Archive for French

Je Suis A Paris!

Whoa… found these pictures archived from the day I got to Paris and forgot about them.

The day I got to Paris, I tried, as I always do, to avoid jet lag by acting as though it didn’t exist. I walked around my new neighborhood, the 7th arrondissement, getting a feel for what was around. I found Rue Cler, my new foodie home, which is a pedestrian street within spitting distance that has all variety of foodie shops. I picked up a few things… some bread, cheese, pâté, the ever present tomatoes, onions, and garlic, and of course some wine, before walking back to my new apartment… and crashing.

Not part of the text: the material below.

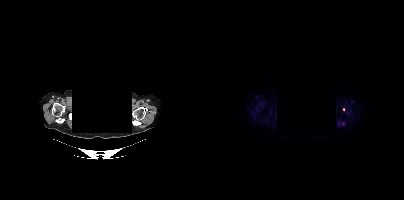
Coordinates are on the 200×200 PET (right) panel. PSMA-avid tumor lesion bounding box (x, y, width, height): x=133 y=121 w=8 h=6. Small PSMA-avid focus (2 to 4 px across) near (center x, center y): (139, 109). Paired axial CT (left) and PSMA PET (right), [18F]PSMA-1007 tracer. Slice position z = -745 mm. PET panel 200×200 px (4.1 mm/px). Face de-identified by blanking a block of the head.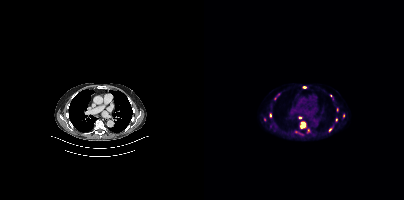
Coordinates are on the 200×200 PET (right) panel. (showing 8 of 11 foci) PSMA-avid tumor lesion bounding boxes (x0, y0)-(x1, y1): (96, 122)-(101, 127); (65, 113)-(67, 117). Small PSMA-avid foci (2 to 4 px across) near (center x, center y): (100, 87); (126, 129); (132, 120); (127, 95); (139, 115); (60, 119).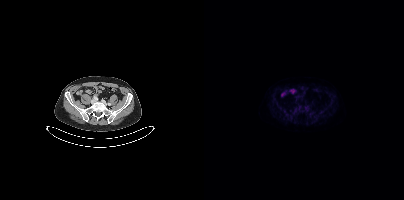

For some reason it didn’t work this time, and jet lag crept up like the bad guy in a slasher film. I woke up around 8, disoriented, groggy, and starving. I walked over to the fridge and filled a plate with pâté and goat cheese, grabbed jars of cornichons and mustard, broke my baguette in two, and poured myself a glass of wine. And there, on my new couch, I had my very own French picnic.

So I’m sorry for the quality of the pictures of my first dinner in France, but I was too tired to adjust the lighting to make them pretty. What counts is that it was all delicious, and I liked the wine so much that I’m keeping the bottle. I am a walking stereotype, and I love it.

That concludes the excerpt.